The Charles Telfair Institute in Mauritius, formerly known as DCDM Business School, was renamed after Charles Telfair.

==Botanical interests==
A number of naturalists were actively collecting in Mauritius in the early 19th century. In 1826 Telfair persuaded two local collectors, Julien Desjardins and Louis Bouton, to donate their collections to form the nucleus of a proposed colonial museum. As this offer met with no response from the Governor, Telfair, together with Bouton, Desjardins, Wenceslas Bojer, François Liénard and other local naturalists convened an 1829 meeting at which the Société d’Histoire Naturelle de l’Ile Maurice was founded. Desjardins, who had already set up his own museum at Argy in the Flacq district, left for Paris in 1839, intending to write a natural history of Mauritius, but unexpectedly died there in 1840. His widow donated his entire collection to the Society. Bouton, inspired by the gesture, added his collection of plants, and Adrien d'Épinay his library. The nascent museum opened to the public in 1842 as the Muséum Desjardins, in Port Louis, with Bojer acting as the first curator. The Mauritius government provided the accommodation, and half the curator's and taxidermist's salaries.

Telfair is credited with having introduced bananas to Mauritius from China in 1826. Three years later he sent the plants to England where a Mr Barclay of Burryhill showed them to Lord Cavendish, the 6th Duke of Devonshire, whence came the Cavendish banana. Joseph Paxton, his head gardener, cultivated the plants successfully in greenhouses.

He is commemorated by the plant genus Telfairia, the lizard species Leiolopisma telfairii (Telfair's skink), and the mammal species Echinops telfairi (lesser hedgehog tenrec).

In 1819 Telfair was made a member of the Légion d'honneur in recognition of his services.

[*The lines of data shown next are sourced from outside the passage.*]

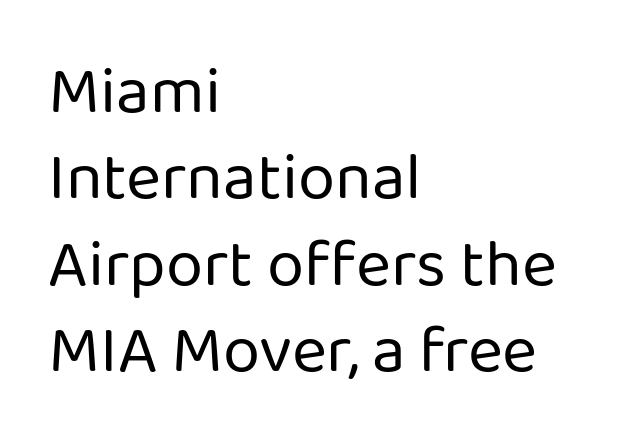
Q: Is the text bold? A: No.
Q: Is the text italic (slanted)? A: No, it is upright.
Q: Is the typeface a serif or a sans-serif typeface? A: Sans-serif.
Q: Is the text underlined? A: No.
Q: How is the paragraph aligned? A: Left-aligned.
Q: Is the spacing between letters normal or unusually wide? A: Normal.
Q: Is the spacing between lines tight, normal or loose? A: Normal.
Q: Width (condensed, normal, or wide)? A: Normal.
Q: Stroke contrast? A: Low.
Q: x-height? A: Medium.
Q: Monospaced? A: No.

From 1825 to 1848, John Newman was head of the Royal Botanic Garden at Pamplemousses. He regularly corresponded and exchanged specimens with notable figures in the botanical world, including William Jackson Hooker. The gardens displayed plants from Madagascar, Australia, the East Indies, China and South Africa. Some of these plants were illustrated in a report from Newman to the Colonial Office in 1829, including Bignonia telfairia from Madagascar. Newman named it after Annabella Telfair (d. 23 May 1832 Port Louis), a botanical artist, plant collector and wife of Charles Telfair, whom she had married in 1818. Some of her illustrations appeared in Curtis's Botanical Magazine between 1826 and 1830, while her letters to Hooker are preserved at Kew. Telfair's collections were donated to the Zoological Society of London, but were dispersed and effectively lost when sold in 1855.

==Publications==
- From Belfast to Mauritius: Charles Telfair (1778–1833): Naturalist and Product of the Irish Enlightenment in Eighteenth-Century Ireland
- Michel, L. 1935. Conference sur Charles Telfair. Trans. Royal Society of Arts & Sciences of Mauritius C3 :19-48.